◆ Task requirements
In your copy, reproduce each entry exactly and leave out the pictures.

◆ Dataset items
-- Opening Marker --

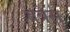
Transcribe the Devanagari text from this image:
बत्रेस
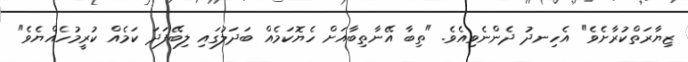
ޒިޔާރަތްކުރާށެވެ" އެހިނދު ދެންނެވިއެވެ. "ތިބާ އޭނާތިބާއަށް ހެޔޮކަމެއް ބަދަލުގައި ލިބޭފަދަ ކަމެއް ކުރީމުހެއްޔެވެ"
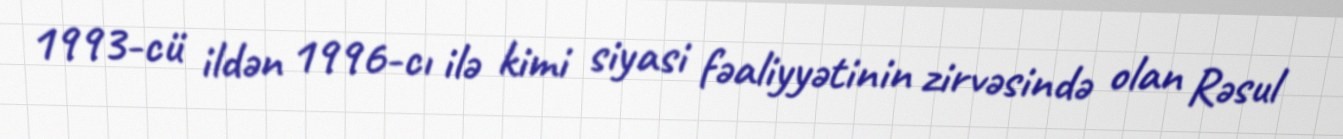
1993-cü ildən 1996-cı ilə kimi siyasi fəaliyyətinin zirvəsində olan Rəsul
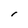
Character: I
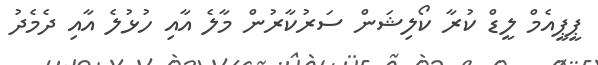
ޕީޕީއެމް ލީޑް ކުރާ ކޯލިޝަން ސަރުކާރުން މާލެ އާއި ހުޅުލެ އާއި ދެމެދު
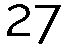
27
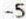
-5
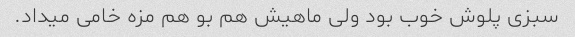
سبزی پلوش خوب بود ولی ماهیش هم بو هم مزه خامی میداد.
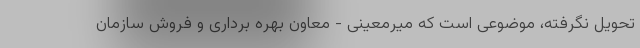
تحویل نگرفته، موضوعی است که میرمعینی - معاون بهره برداری و فروش سازمان
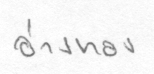
อ่างทอง
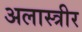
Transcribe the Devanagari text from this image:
अलास्त्रीर
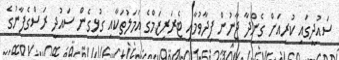
ސައުދީގައި ކުރިއަށް ގެންދާ ޖާނުން ފިދާވުމާއި ޓެރަރިޒަމްގެ އަމަލުތަކާއި ގުޅިގެން ސައުދީ ރަސްގެފާނުގެ
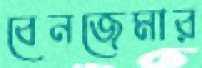
বেনজেমার
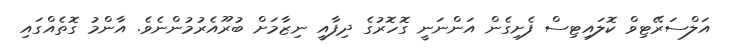
އަލްސަރޭޓިވް ކޮލައިޓިސް ފެށިގެން އަންނަނީ ގޮހޮރުގެ ދިފާއީ ނިޒާމަށް ބުރޫއެރުމުންނެވެ. އާންމު ގޮތެއްގައި
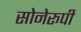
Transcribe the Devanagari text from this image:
सोनेरूपी
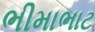
ભીમાભાટ
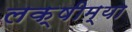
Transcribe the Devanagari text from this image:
लक्षीम्या
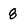
Character: 8
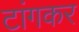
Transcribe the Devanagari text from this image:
टांगकर
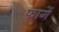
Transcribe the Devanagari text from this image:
फागें
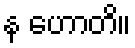
န ဟောတိ။
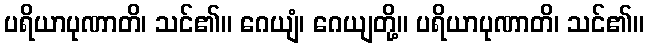
ပရိယာပုဏာတိ၊ သင်၏။ ဂေယျံ၊ ဂေယျတို့။ ပရိယာပုဏာတိ၊ သင်၏။
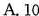
A.10
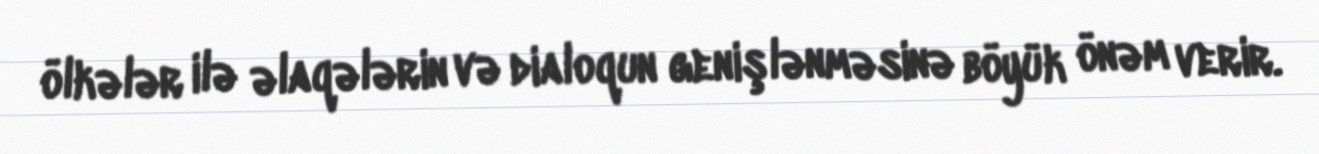
ölkələr ilə əlaqələrin və dialoqun genişlənməsinə böyük önəm verir.

-- Closing Marker --

◆ Exercise solution
Transcribe the Devanagari text from this image:
बत्रेस
ޒިޔާރަތްކުރާށެވެ" އެހިނދު ދެންނެވިއެވެ. "ތިބާ އޭނާތިބާއަށް ހެޔޮކަމެއް ބަދަލުގައި ލިބޭފަދަ ކަމެއް ކުރީމުހެއްޔެވެ"
1993-cü ildən 1996-cı ilə kimi siyasi fəaliyyətinin zirvəsində olan Rəsul
Character: I
ޕީޕީއެމް ލީޑް ކުރާ ކޯލިޝަން ސަރުކާރުން މާލެ އާއި ހުޅުލެ އާއި ދެމެދު
27
-5
سبزی پلوش خوب بود ولی ماهیش هم بو هم مزه خامی میداد.
تحویل نگرفته، موضوعی است که میرمعینی - معاون بهره برداری و فروش سازمان
อ่างทอง
Transcribe the Devanagari text from this image:
अलास्त्रीर
ސައުދީގައި ކުރިއަށް ގެންދާ ޖާނުން ފިދާވުމާއި ޓެރަރިޒަމްގެ އަމަލުތަކާއި ގުޅިގެން ސައުދީ ރަސްގެފާނުގެ
বেনজেমার
އަލްސަރޭޓިވް ކޮލައިޓިސް ފެށިގެން އަންނަނީ ގޮހޮރުގެ ދިފާއީ ނިޒާމަށް ބުރޫއެރުމުންނެވެ. އާންމު ގޮތެއްގައި
Transcribe the Devanagari text from this image:
सोनेरूपी
ભીમાભાટ
Transcribe the Devanagari text from this image:
लक्षीम्या
Character: 8
Transcribe the Devanagari text from this image:
टांगकर
Transcribe the Devanagari text from this image:
फागें
န ဟောတိ။
ပရိယာပုဏာတိ၊ သင်၏။ ဂေယျံ၊ ဂေယျတို့။ ပရိယာပုဏာတိ၊ သင်၏။
A.10
ölkələr ilə əlaqələrin və dialoqun genişlənməsinə böyük önəm verir.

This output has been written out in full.